= Hsu Fu Chi =

Chinese snacks manufacturer

The logo of Hsu Fu Chi

Hsu Fu Chi (Chinese: 徐福记; pinyin: Xú Fú Jì) is a Chinese company, based in Dongguan, China, that manufactures various confectionaries, biscuits, chocolates, jellies, sachima, and snacks. The company is owned by Nestlé.

==History==

===Beginnings and independent growth===

In 1992, Mekey Hsu Chen founded Hsu Fu Chi in The People's Republic of China. In 1994, the brand was trademarked in the PRC. In 1997, Transpac invested in the company, and the brand became the top-selling brand in China for ten years; in 2008, they were relegated to the number 2 position, after Mars, Inc. Hsu Fu Chi was the first company to introduce the "Pick and Mix" format in China, in which consumers can pick various kinds of confectionaries out of tubs instead of picking only one kind.

In 2000, Hsu Fu Chi began to build a distribution network across China. In 2004, they created the world's first fully automated sachima plant.
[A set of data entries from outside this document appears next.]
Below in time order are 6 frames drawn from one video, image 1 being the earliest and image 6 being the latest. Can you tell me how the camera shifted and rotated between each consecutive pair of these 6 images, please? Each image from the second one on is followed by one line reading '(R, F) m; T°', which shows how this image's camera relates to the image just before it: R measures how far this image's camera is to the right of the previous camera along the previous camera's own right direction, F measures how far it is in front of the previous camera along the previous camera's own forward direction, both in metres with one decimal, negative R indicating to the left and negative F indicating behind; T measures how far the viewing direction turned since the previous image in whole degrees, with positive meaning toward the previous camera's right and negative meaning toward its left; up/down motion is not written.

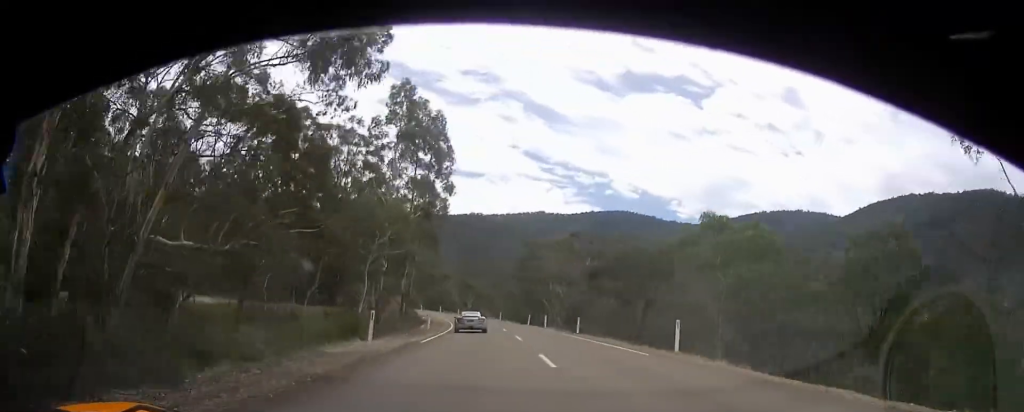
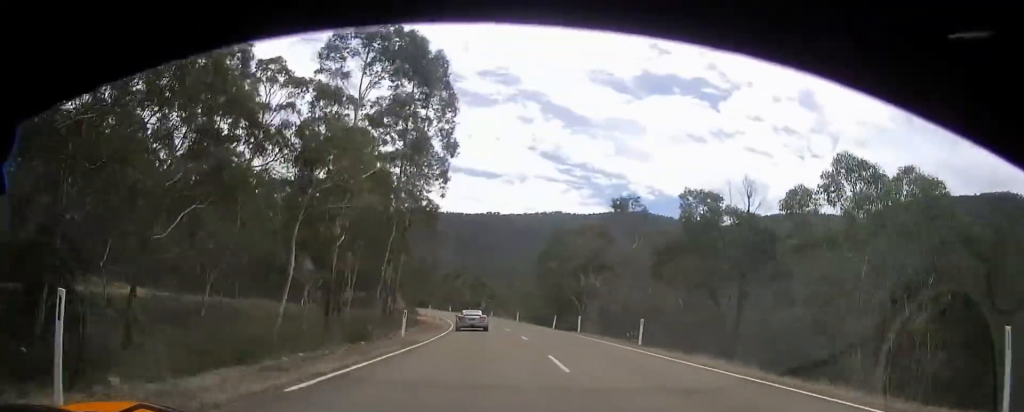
(-0.3, +13.3) m; -2°
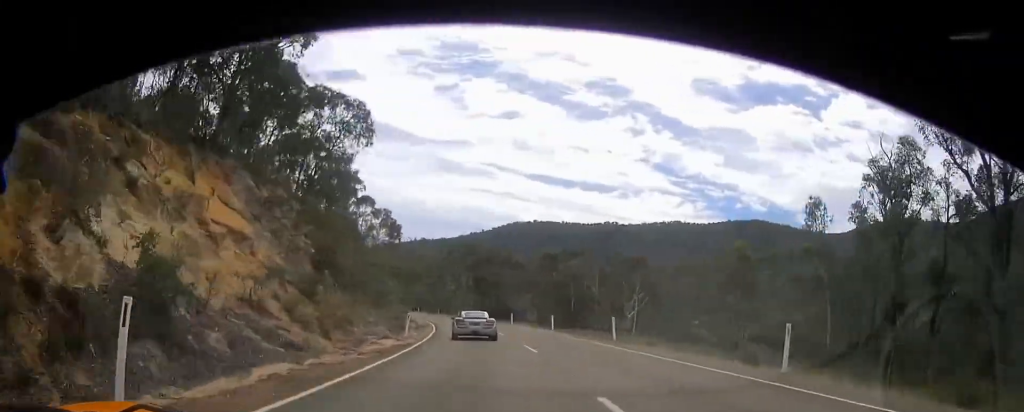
(-5.1, +64.4) m; -11°
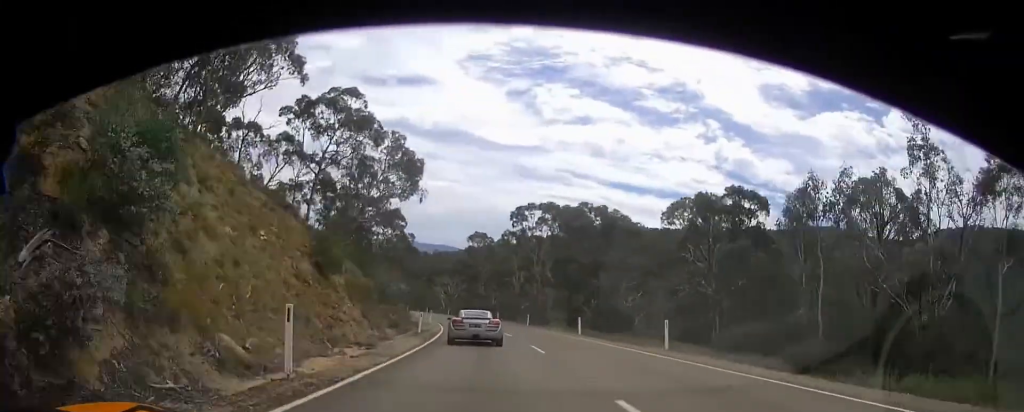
(-2.8, +36.0) m; -8°
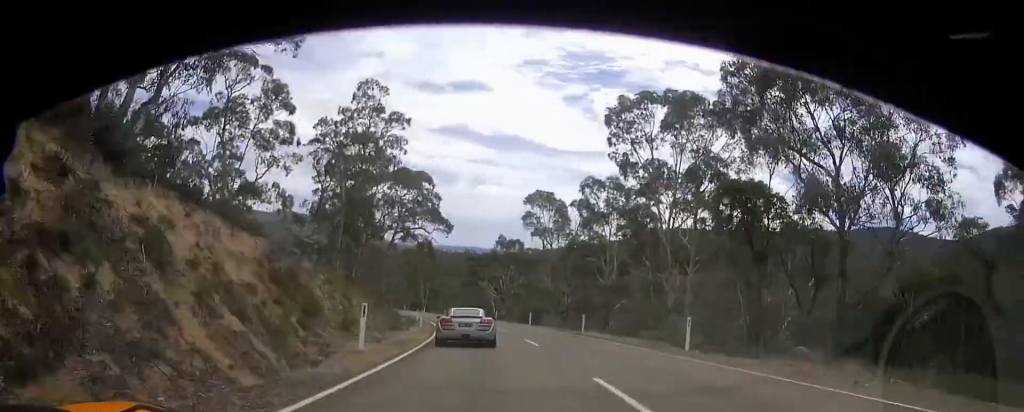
(-1.9, +34.3) m; -7°
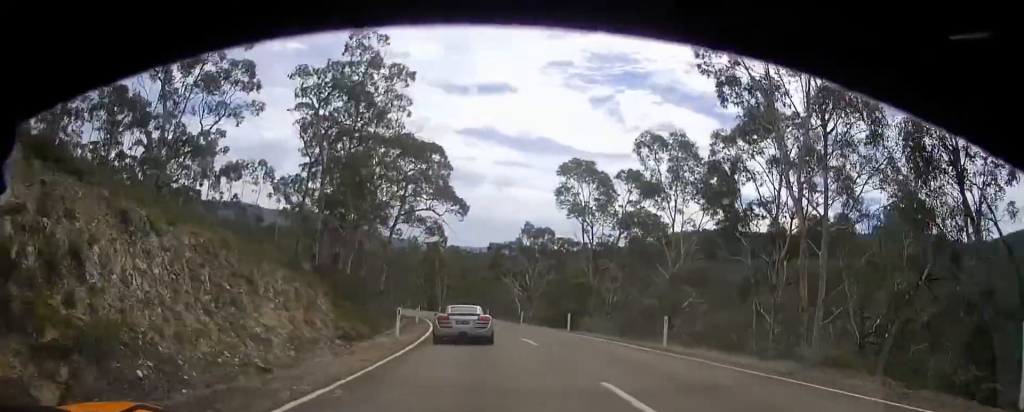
(-0.4, +13.3) m; -3°

They were listed on a stock exchange in Singapore in 2006: the SGX ST in 2006, one of the first Chinese confectionery companies to be listed on a stock exchange, and the first to be listed on the SGX.
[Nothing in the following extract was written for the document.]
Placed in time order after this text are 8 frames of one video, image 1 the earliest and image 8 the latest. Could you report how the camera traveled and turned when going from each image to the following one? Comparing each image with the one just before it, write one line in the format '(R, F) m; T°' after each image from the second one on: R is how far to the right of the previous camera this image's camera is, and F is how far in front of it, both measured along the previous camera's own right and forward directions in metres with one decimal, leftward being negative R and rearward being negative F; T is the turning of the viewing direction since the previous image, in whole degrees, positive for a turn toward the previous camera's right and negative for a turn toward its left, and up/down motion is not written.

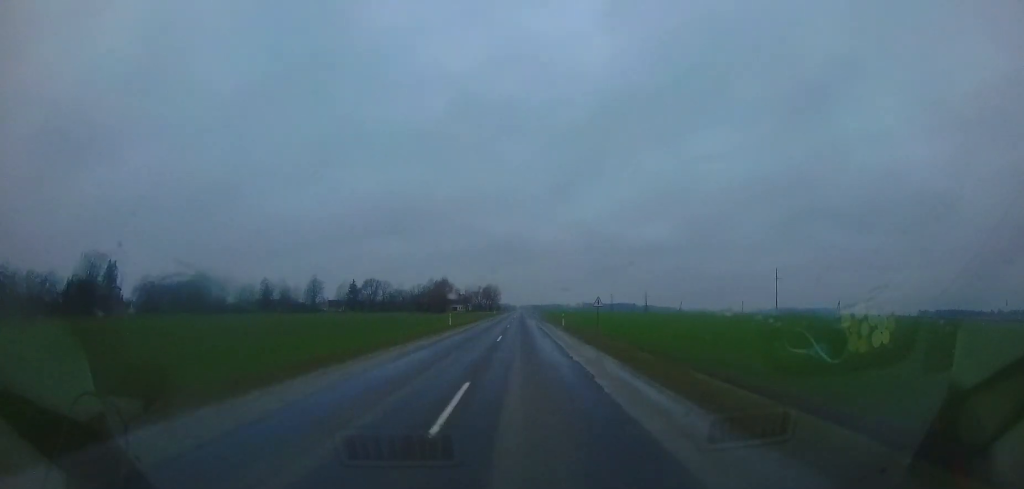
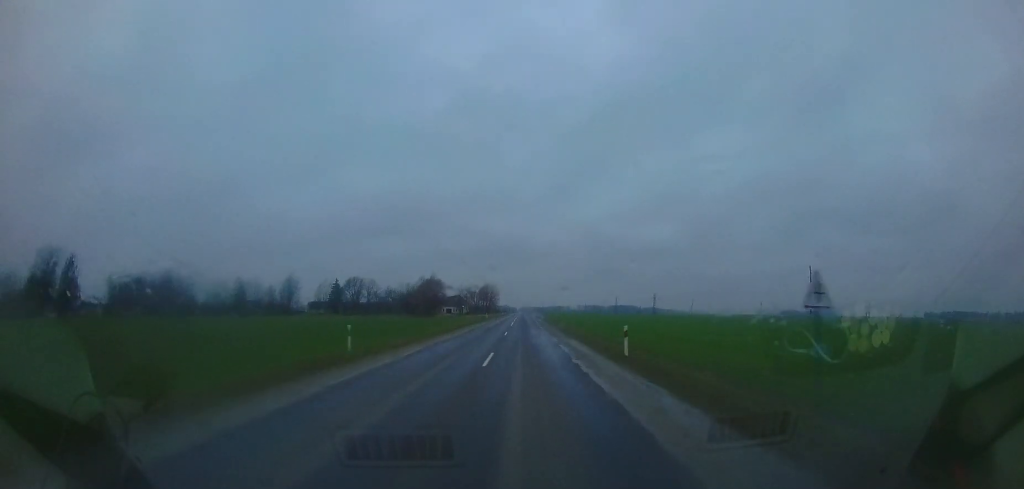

They opened at factory in Zhumadian, China, in 2010. Over five years, from 2007 to 2012, their profits grew 17%.

=== Acquisition by Nestlé===

In 2011, the company entered talks with several companies for the sale of the company. On 11 July 2011, Nestlé, the largest food company in the world, paid $1.7 billion for a 60 percent stake in Hsu Fu Chi International, which is about 3.3 times the sales figures of Hsu Fu Chi for the stake. Nestlé agreed to buy 43.5 percent of Hsu Fu Chi's shares at S$4.35. If the scheme was approved by independent shareholders, Nestlé would then acquire a 16.5 percent stake from the Hsu family, which would leave them with 40 percent.

On 6 December 2011, the government of the People's Republic of China and the government of The Cayman Islands (where the company was incorporated) accepted Nestlé's bid, and allowed Nestlé to proceed in its acquisition. Nestlé acquired the remaining shares from the Hsu family in 2025.